Неслучайных, или просто самых стойких, обосновалось за столиками человек десять: восемь типов заросшей наружности, проводивших меченого, а заодно и меня мутными взглядами. И двое, нет, извините, трое непонятных личностей в темном углу, проявивших к нашему приходу куда больший интерес, чем можно было надеяться.
Рик уверенно направился к стойке, единственному месту в зале освещенному, или закопченному, двумя толстыми оплывшими свечами. Хозяин заведения рассеянно протирал битую грязную тарелку не менее замызганной тряпкой. Мне сутулый скользкий тип с маслянистыми бегающими глазами не понравился сразу. Я бы поостереглась вести с ним дела. Но моего мнения, к сожалению, как обычно не спросили. Дракон хамски пихнул меня к ближайшему стулу, сам лениво облокотился на потертую стойку, одновременно удерживая в поле зрения и хозяина, и посетителей, и мой столик.
— Аллюр[37], ямщик[38], - Рик говорил негромко, чтобы его слышали только трактирщик и я, впрочем, заросших типов больше волновало содержимое их кружек, чем нашего разговора.
— Здрав буде, залетный, — трактирщик окинул меченого расчетливым взглядом, задержавшись на татуировке, видимой даже сквозь трехнедельную бороду. Но обитатели этого странного места отнеслись к присутствию дракона гораздо терпимее, чем шахтеры. — Чаво надыть?
— Хавчик[39] на двоих. Учти: тухлятину самолично затолкаю тебе в глотку. И две соседние хаты[40], мне и моему корешу[41].
Я внимательно прислушивалась к разговору — никогда не поздно восполнить пробелы в образовании.
Трактирщик поморщился, бросил на стойку тряпку, скрылся во внутренних помещениях, чтобы вскоре вернуться, неся две дымящиеся тарелки с кашей, политой томатным соусом. Видимо, хозяин решил не рисковать и не пытаться подсунуть дракону мясо сомнительного происхождения. К каше вскоре присоединились пирожки с вареньем, которые притащила троллеподобная тетка, хмурящаяся так свирепо, словно выпечка являлась ее заветным сокровищем, на которое мы по неосторожности покусились. Теперь я понимала, в честь кого была названа полуразрушенная дорога.
— Тридцать серых, — буркнул трактирщик, под конец толкая к северянину две пузатые кружки с зелено-желтым пойлом, на пробу оказавшимся обычным яблочным соком, щедро разбавленным водой.
— Эти помои больше двух не стоят, еще за хаты по три, — возразил меченый. — Дам пятнадцать, если споешь, о чем птички щебечут[42].
Трактирщик задумался, кивнул: «По рукам, залетный».
— Заплати ему, — приказал дракон. Я хотела возмутиться, но, как назло, рот был занят пирожком, потрясающе вкусным, теплым, с румяными боками. Да и в глазах северянина затаилось что-то угрожающее, разом отбившее у меня желание спорить, по крайней мере, сейчас. Пришлось расстаться с частью завалявшейся в кошельке мелочи.
Трактирщик ловко склевал монеты щепотью.

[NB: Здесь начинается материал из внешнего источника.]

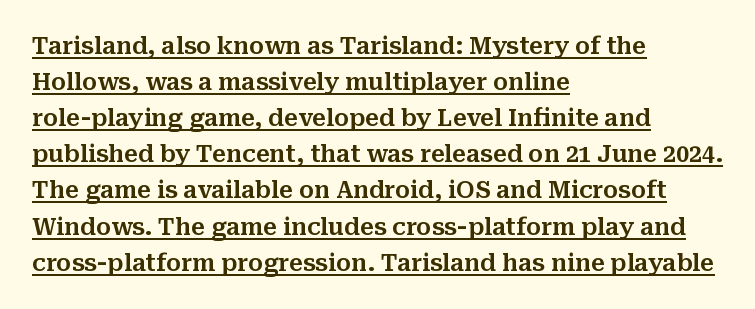
The image shows 23 px text type, upright; set left-aligned, normal line spacing (1.57x), normal letter spacing, underlined.
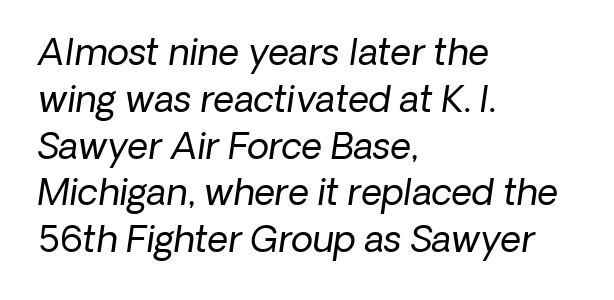
The image shows 36 px regular-weight sans-serif type; set left-aligned, normal line spacing (1.3x), normal letter spacing, not underlined; low stroke contrast and a medium x-height.
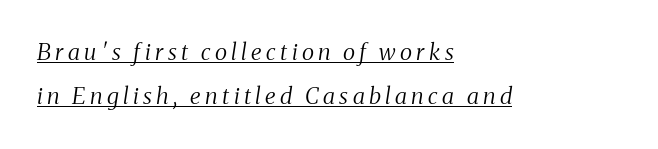
The image shows 23 px text type, italic (leaning right); set left-aligned, loose line spacing (1.92x), underlined.
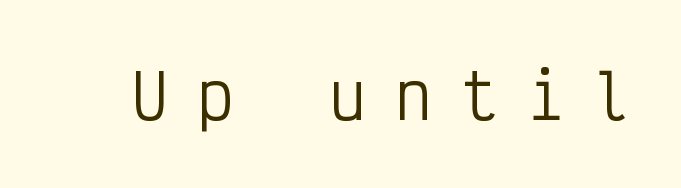
{"serif": "no", "italic": "no", "bold": "no", "weight": "regular", "width": "condensed", "stroke_contrast": "low", "x_height": "medium", "monospaced": "yes", "underline": "no", "letter_spacing": "wide", "letter_spacing_em": 0.48, "glyph_px": 61}
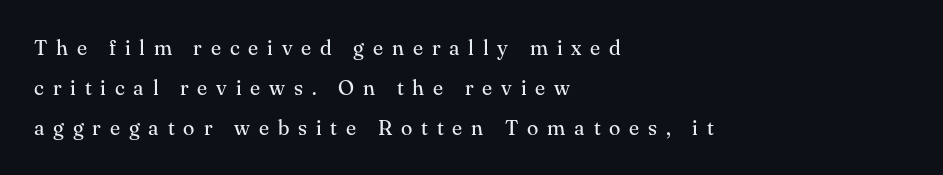
Q: Is the text bold? A: No.
Q: Is the text italic (slanted)? A: No, it is upright.
Q: Is the text underlined? A: No.
Q: How is the paragraph aligned? A: Left-aligned.
Q: Is the spacing between letters normal or unusually wide? A: Unusually wide.
Q: Is the spacing between lines tight, normal or loose? A: Loose.
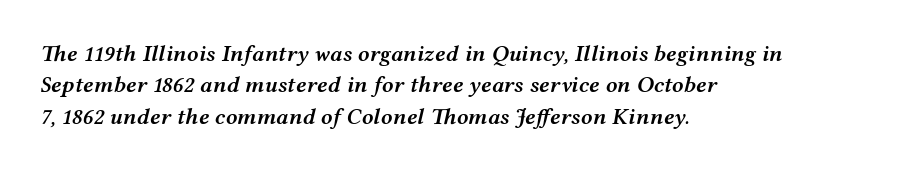
The image shows 23 px text type, italic (leaning right); set left-aligned, normal line spacing (1.36x), normal letter spacing, not underlined.
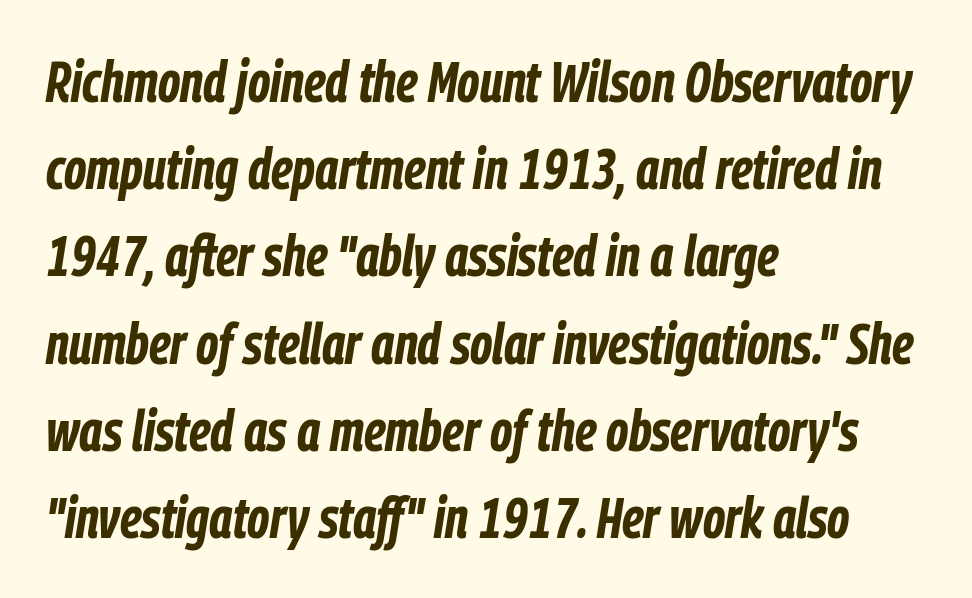
What weight is shown? A full bold with thick strokes. Horizontally, the lines are justified to the leading edge only. You could call the tracking neutral — neither tight nor loose. The area under the type is left untouched.

Немного помолчал, оценивая, что из известного ему будет полезно услышать гостям, и начал.
— Бают, голубки лесом порхают тудыть-сюдыть.

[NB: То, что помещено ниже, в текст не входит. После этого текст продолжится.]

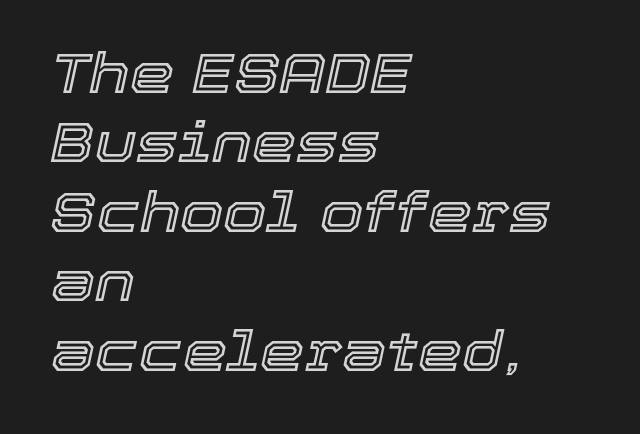
{"italic": "yes", "lean": "right", "slant_degrees": 12, "width": "normal", "x_height": "medium", "monospaced": "no", "underline": "no", "align": "left", "line_spacing_ratio": 1.24, "letter_spacing": "normal", "letter_spacing_em": 0.0, "glyph_px": 56}
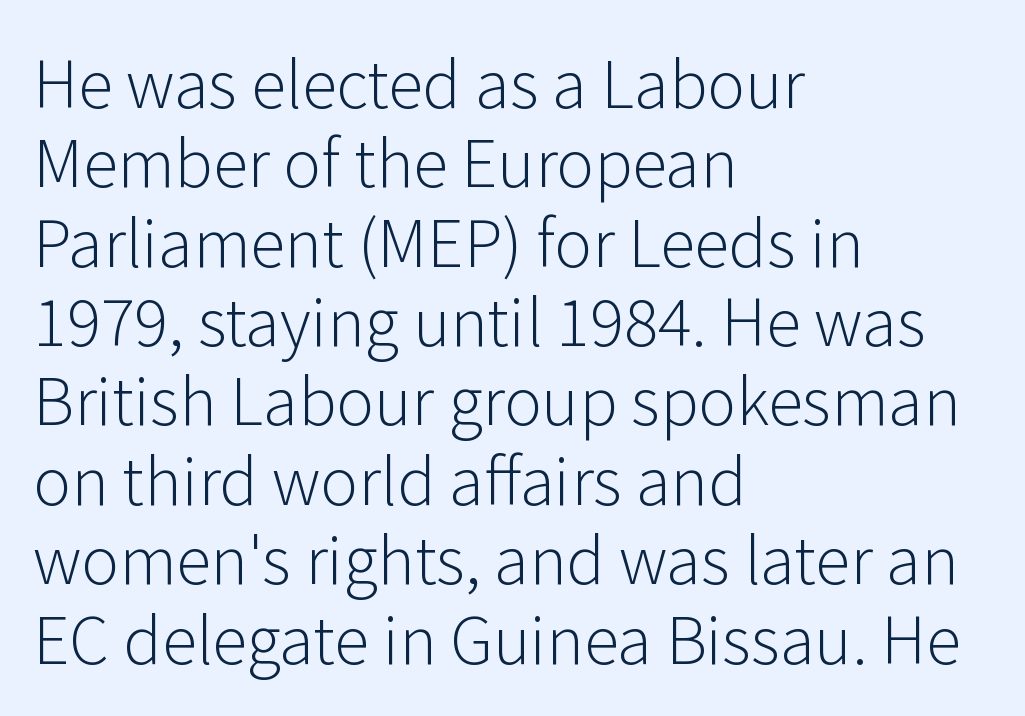
The string is rendered with underlining switched off. Is the type heavy? It reads as light-to-regular instead. You can tell it's not italic because the verticals are truly vertical. You can tell from the bare stems that sans-serif type was used. Honestly, the letter spacing is just normal — you wouldn't notice it. Caption: multi-line text, flush left, ragged right.
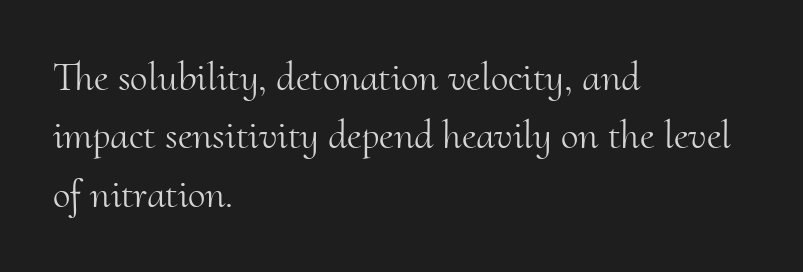
Q: Is the text bold? A: No.
Q: Is the text italic (slanted)? A: No, it is upright.
Q: Is the typeface a serif or a sans-serif typeface? A: Serif.
Q: Is the text underlined? A: No.
Q: How is the paragraph aligned? A: Left-aligned.
Q: Is the spacing between letters normal or unusually wide? A: Normal.
Q: Is the spacing between lines tight, normal or loose? A: Normal.
Q: Width (condensed, normal, or wide)? A: Normal.
Q: Stroke contrast? A: Medium.
Q: x-height? A: Small.
Q: Monospaced? A: No.

— Что носят? — прищурился Рик.
— То неведомо, — пожал плечами барыга. — Простым людям в дела паханов[43] лезть — голову ни за что сложить. Но шелестят[44], в Ксарпии на центральной площади вещун выступал, пророчил быть войне страшной, кровавой.

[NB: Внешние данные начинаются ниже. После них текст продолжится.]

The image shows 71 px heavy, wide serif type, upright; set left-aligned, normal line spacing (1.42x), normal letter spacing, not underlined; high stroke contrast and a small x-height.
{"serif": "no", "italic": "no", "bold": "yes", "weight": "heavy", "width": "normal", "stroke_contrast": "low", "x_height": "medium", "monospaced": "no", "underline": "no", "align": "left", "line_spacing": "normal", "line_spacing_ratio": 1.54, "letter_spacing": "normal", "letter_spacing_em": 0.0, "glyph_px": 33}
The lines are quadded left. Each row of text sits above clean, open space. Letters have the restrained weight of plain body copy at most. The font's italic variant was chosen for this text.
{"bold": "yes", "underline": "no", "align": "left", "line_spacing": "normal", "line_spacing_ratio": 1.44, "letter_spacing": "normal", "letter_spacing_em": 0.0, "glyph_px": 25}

Дракон недовольно отмахнулся.
— Каждый месяц какой-нибудь безумец устраивает балаган, мутит народ. Пустышка.
Трактирщик качнул головой.
— На северо-востоке ведьма да демон полсотни душ в Небесную обитель отправили, а сами колдовством позорным воспользовались и убегли. Не вы были?
— Не мы, — спокойно возразил Рик, смотря трактирщику в глаза.
Полсотни? Похоже, ты разучилась считать, Лана. Насколько я помню, разбойников набиралось не больше тридцати. Людская молва, как обычно, переврала историю, окрасив множеством ненужных подробностей. Не удивлюсь, если в рассказе какой-нибудь бабки, которая «не дадут боги соврать, сама видала, как все было», я предстану в виде чумазой мымры, с диким хохотом носившейся над поляной на метле и расшвыривающей зеленые молнии.